Gestational Diabetes
Signs and Symptoms
Gestational diabetes usually does not manifest in any obvious symptoms. However, blurred vision, fatigue, frequent infections, increased urination and thirst, and nausea may be signs and symptoms of gestational diabetes. Gestational diabetes can only be diagnosed through routine prenatal testing and screening.
What Causes Gestational Diabetes?
During pregnancy, the body produces a larger amount of certain hormones to help maintain a healthy pregnancy and provide nutrients to the baby. This increase in hormones can interfere with insulin, a substance which takes glucose (sugar) out of the bloodstream and uses it for energy. This causes higher blood sugar levels, which is normal in pregnancy because the extra glucose is needed to support the baby.

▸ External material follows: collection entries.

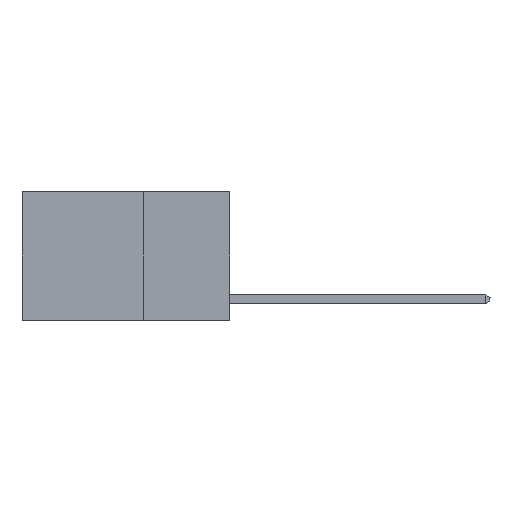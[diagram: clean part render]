
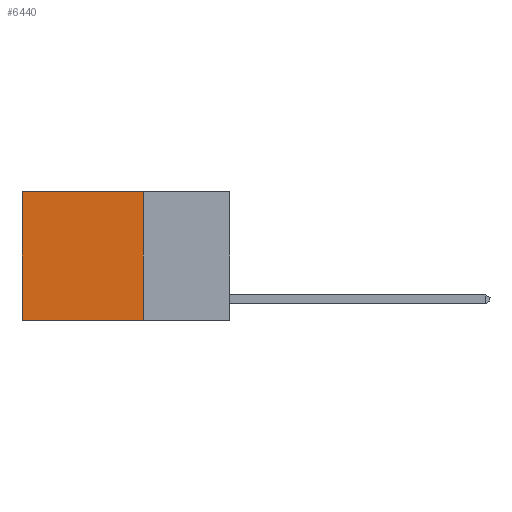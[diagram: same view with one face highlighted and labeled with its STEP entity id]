
A CAD part, left-side view. The second image highlights one B-rep face of the part: STEP entity #6440.
In plain terms, the highlighted planar face has unit normal (-1, 0, 0).
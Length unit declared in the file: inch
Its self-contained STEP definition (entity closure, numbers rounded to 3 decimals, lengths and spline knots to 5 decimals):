
#539 = CARTESIAN_POINT ( 'NONE',  ( 0.2625, 0.25, 0. ) ) ;
#1011 = LINE ( 'NONE', #4908, #2885 ) ;
#1303 = CARTESIAN_POINT ( 'NONE',  ( 0.2625, 0.25, -0.37 ) ) ;
#2046 = CARTESIAN_POINT ( 'NONE',  ( 0.2625, 0.25, -0.37 ) ) ;
#2243 = VERTEX_POINT ( 'NONE', #7288 ) ;
#2317 = EDGE_CURVE ( 'NONE', #18435, #2243, #9339, .T. ) ;
#2885 = VECTOR ( 'NONE', #14857, 39.37008 ) ;
#2950 = VERTEX_POINT ( 'NONE', #6705 ) ;
#3072 = CARTESIAN_POINT ( 'NONE',  ( 0.2625, 0.25, 0. ) ) ;
#3598 = DIRECTION ( 'NONE',  ( 0., 1., 0. ) ) ;
#3836 = EDGE_CURVE ( 'NONE', #8871, #18435, #16065, .T. ) ;
#4908 = CARTESIAN_POINT ( 'NONE',  ( 0.2625, 0.6, 0. ) ) ;
#4963 = ORIENTED_EDGE ( 'NONE', *, *, #2317, .F. ) ;
#5168 = PLANE ( 'NONE',  #8839 ) ;
#5186 = EDGE_CURVE ( 'NONE', #2950, #2243, #1011, .T. ) ;
#6257 = DIRECTION ( 'NONE',  ( 0., 0., -1. ) ) ;
#6440 = ADVANCED_FACE ( 'NONE', ( #7126 ), #5168, .F. ) ;
#6660 = EDGE_CURVE ( 'NONE', #8871, #2950, #17174, .T. ) ;
#6705 = CARTESIAN_POINT ( 'NONE',  ( 0.2625, 0.6, 0. ) ) ;
#7126 = FACE_OUTER_BOUND ( 'NONE', #18349, .T. ) ;
#7288 = CARTESIAN_POINT ( 'NONE',  ( 0.2625, 0.6, -0.37 ) ) ;
#8839 = AXIS2_PLACEMENT_3D ( 'NONE', #3072, #13058, #18717 ) ;
#8871 = VERTEX_POINT ( 'NONE', #21234 ) ;
#9339 = LINE ( 'NONE', #1303, #18758 ) ;
#9703 = VECTOR ( 'NONE', #3598, 39.37008 ) ;
#13058 = DIRECTION ( 'NONE',  ( 1., 0., 0. ) ) ;
#14857 = DIRECTION ( 'NONE',  ( 0., 0., -1. ) ) ;
#15231 = CARTESIAN_POINT ( 'NONE',  ( 0.2625, 0.25, 0. ) ) ;
#15673 = ORIENTED_EDGE ( 'NONE', *, *, #3836, .F. ) ;
#16065 = LINE ( 'NONE', #539, #17217 ) ;
#16895 = ORIENTED_EDGE ( 'NONE', *, *, #6660, .T. ) ;
#17174 = LINE ( 'NONE', #15231, #9703 ) ;
#17217 = VECTOR ( 'NONE', #6257, 39.37008 ) ;
#18349 = EDGE_LOOP ( 'NONE', ( #20751, #4963, #15673, #16895 ) ) ;
#18435 = VERTEX_POINT ( 'NONE', #2046 ) ;
#18528 = DIRECTION ( 'NONE',  ( 0., 1., 0. ) ) ;
#18717 = DIRECTION ( 'NONE',  ( 0., 0., -1. ) ) ;
#18758 = VECTOR ( 'NONE', #18528, 39.37008 ) ;
#20751 = ORIENTED_EDGE ( 'NONE', *, *, #5186, .T. ) ;
#21234 = CARTESIAN_POINT ( 'NONE',  ( 0.2625, 0.25, 0. ) ) ;

But when the amount of insulin produced is less than what is needed to handle blood sugar levels, it can lead to high levels of glucose in the bloodstream (this is also known as hyperglycemia), and gestational diabetes can occur.
Risk Factors
Risk for gestational diabetes may increase if the patient has any of the following conditions:
- A previous diagnosis of gestational diabetes or prediabetes, poor impaired glucose tolerance, or impaired fasting glycemia
- A family history of type 2 diabetes
- Maternal obesity
- Advanced maternal age (over 35)
- Previously birthed a baby that weighed more than 9 pounds
- High blood pressure and preeclampsia
- Too much amniotic fluid (polyhydramnios)

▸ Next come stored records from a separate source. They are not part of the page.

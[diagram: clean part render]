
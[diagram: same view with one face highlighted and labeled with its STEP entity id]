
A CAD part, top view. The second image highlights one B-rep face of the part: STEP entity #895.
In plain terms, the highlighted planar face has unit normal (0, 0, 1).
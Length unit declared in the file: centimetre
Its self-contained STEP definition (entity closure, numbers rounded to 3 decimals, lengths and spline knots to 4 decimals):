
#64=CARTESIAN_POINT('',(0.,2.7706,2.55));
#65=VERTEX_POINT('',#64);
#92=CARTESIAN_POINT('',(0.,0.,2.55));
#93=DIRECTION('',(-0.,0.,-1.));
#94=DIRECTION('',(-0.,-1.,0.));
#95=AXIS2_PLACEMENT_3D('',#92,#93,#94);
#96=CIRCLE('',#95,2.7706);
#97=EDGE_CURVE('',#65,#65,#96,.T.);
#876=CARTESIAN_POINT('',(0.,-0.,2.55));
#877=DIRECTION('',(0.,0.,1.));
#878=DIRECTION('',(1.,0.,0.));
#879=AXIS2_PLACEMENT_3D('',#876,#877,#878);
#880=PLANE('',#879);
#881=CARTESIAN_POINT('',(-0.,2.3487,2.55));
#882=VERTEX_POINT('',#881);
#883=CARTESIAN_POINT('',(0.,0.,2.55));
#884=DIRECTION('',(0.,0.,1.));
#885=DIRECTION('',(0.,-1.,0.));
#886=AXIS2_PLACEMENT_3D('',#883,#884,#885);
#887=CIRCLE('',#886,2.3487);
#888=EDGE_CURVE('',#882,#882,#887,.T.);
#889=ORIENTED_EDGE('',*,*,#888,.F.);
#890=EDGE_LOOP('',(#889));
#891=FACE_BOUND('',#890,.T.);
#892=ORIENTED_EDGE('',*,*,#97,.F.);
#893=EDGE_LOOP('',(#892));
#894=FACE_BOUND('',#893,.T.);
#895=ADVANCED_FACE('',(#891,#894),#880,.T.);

- Significant weight gain before or during the first 18-24 weeks of pregnancy
- Medical conditions associated with risk for diabetes, such as polycystic ovary syndrome (PCOS)
Diagnosis
The American Congress of Obstetrics and Gynecologists (ACOG) recommends that all pregnant patients receive an oral glucose tolerance test between the 24th and 28th week of pregnancy. People who have risk factors for gestational diabetes may have this test earlier in the pregnancy, typically around the 18th week. Patients who develop pregnancy-related diabetes should also be re-tested 6-12 weeks after delivery.

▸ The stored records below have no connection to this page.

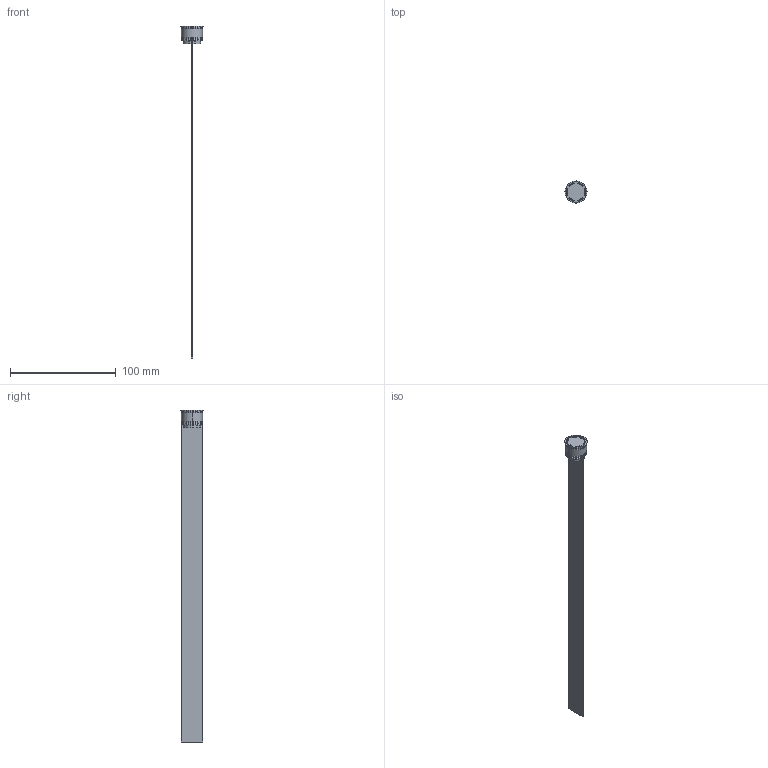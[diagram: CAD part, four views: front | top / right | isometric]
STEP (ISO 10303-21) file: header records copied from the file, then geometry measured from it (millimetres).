
FILE_DESCRIPTION (( 'STEP AP203' ), '1' );
FILE_NAME ('b4b8.STEP', '2023-09-26T21:42:22', ( '' ), ( '' ), 'SwSTEP 2.0', 'SolidWorks 2019', '' );
FILE_SCHEMA (( 'CONFIG_CONTROL_DESIGN' ));
Length unit declared in the file: millimetre
Products named in the file (1): b4b8
Bounding box: 21 x 21 x 314 mm (x, y, z)
Volume: 11176.3 mm3; surface area: 15705 mm2
Topology: 3 solids, 3 shells, 90 faces, 208 edges, 129 vertices
Faces by surface type: plane 39, cylinder 28, torus 12, cone 11
Entity records: 2670 total; most frequent: CARTESIAN_POINT 476, DIRECTION 471, ORIENTED_EDGE 416, EDGE_CURVE 208, AXIS2_PLACEMENT_3D 188, VERTEX_POINT 129, EDGE_LOOP 107, CIRCLE 97

To test for gestational diabetes, the patient will drink a syrupy solution and their blood will be tested to check glucose level an hour later. A follow-up test is then given where the patient fasts overnight and then has their blood sugar tested the next morning. After the second test, they will drink a solution that has an even higher level of glucose than the solution given during the initial test. The patient’s blood glucose level will then be checked every hour for a period of three hours. If at least two of the blood glucose readings are higher than normal, the patient will be diagnosed with gestational diabetes.
Treatment and Management
With gestational diabetes, frequent check-ups by the physician are essential, especially during the last three months of pregnancy, and especially if the patient has other factors that make them a high-risk pregnancy.
Once a patient is diagnosed with gestational diabetes, the physician will have them monitor their diabetes by testing their glucose levels at home. The most common way is to draw a drop of blood from a finger using a device that will give a glucose reading. The goals of treatment are to keep blood glucose levels within normal limits during the pregnancy and to make sure the growing baby is healthy.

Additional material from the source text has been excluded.